Inherits From: MaxRecall
, Recall
, Metric
tfma.metrics.ObjectDetectionMaxRecall(
name: Optional[str] = None,
iou_threshold: Optional[float] = None,
class_id: Optional[int] = None,
class_weight: Optional[float] = None,
area_range: Optional[Tuple[float, float]] = None,
max_num_detections: Optional[int] = None,
labels_to_stack: Optional[List[str]] = None,
predictions_to_stack: Optional[List[str]] = None,
num_detections_key: Optional[str] = None,
allow_missing_key: bool = False
)
The metric uses true positives and false negatives to compute recall by dividing the true positives by the sum of true positives and false negatives.

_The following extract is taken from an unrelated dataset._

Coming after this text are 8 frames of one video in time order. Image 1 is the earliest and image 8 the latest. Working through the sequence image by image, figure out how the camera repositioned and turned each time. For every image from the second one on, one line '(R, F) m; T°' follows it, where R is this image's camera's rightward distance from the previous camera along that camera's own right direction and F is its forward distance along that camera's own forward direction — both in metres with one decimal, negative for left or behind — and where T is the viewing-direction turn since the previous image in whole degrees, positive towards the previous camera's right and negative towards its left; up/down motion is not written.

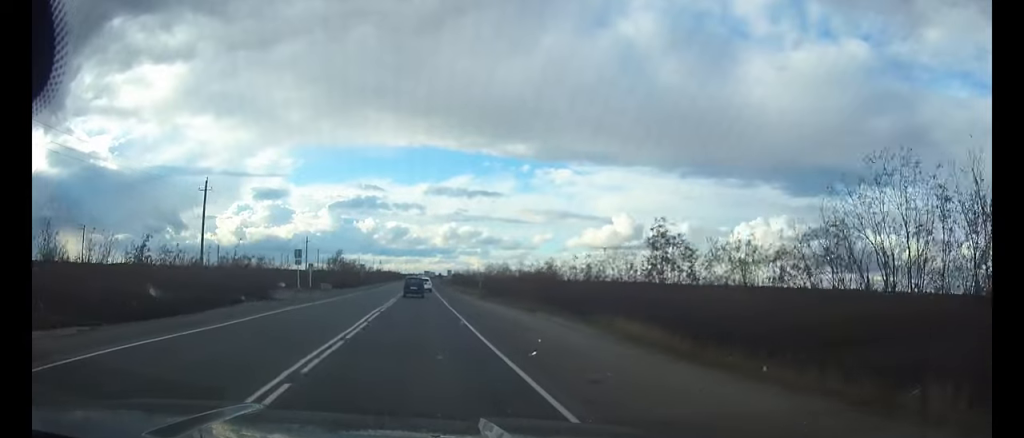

Effectively the recall at threshold = epsilon(1.0e-12). It is equilvalent to the recall defined in COCO metrics.
If sample_weight
is None
, weights default to 1.
Use sample_weight
of 0 to mask values.
Methods
computations
computations(
eval_config: Optional[tfma.EvalConfig
] = None,
schema: Optional[schema_pb2.Schema] = None,
model_names: Optional[List[str]] = None,
output_names: Optional[List[str]] = None,
sub_keys: Optional[List[Optional[SubKey]]] = None,
aggregation_type: Optional[AggregationType] = None,
class_weights: Optional[Dict[int, float]] = None,
example_weighted: bool = False,
query_key: Optional[str] = None
) -> tfma.metrics.MetricComputations
Creates computations associated with metric.
from_config
@classmethod
from_config( config: Dict[str, Any] ) -> 'Metric'
get_config
get_config() -> Dict[str, Any]
Returns serializable config.
result
result(
tp: float, tn: float, fp: float, fn: float
) -> float
Function for computing metric value from TP, TN, FP, FN values.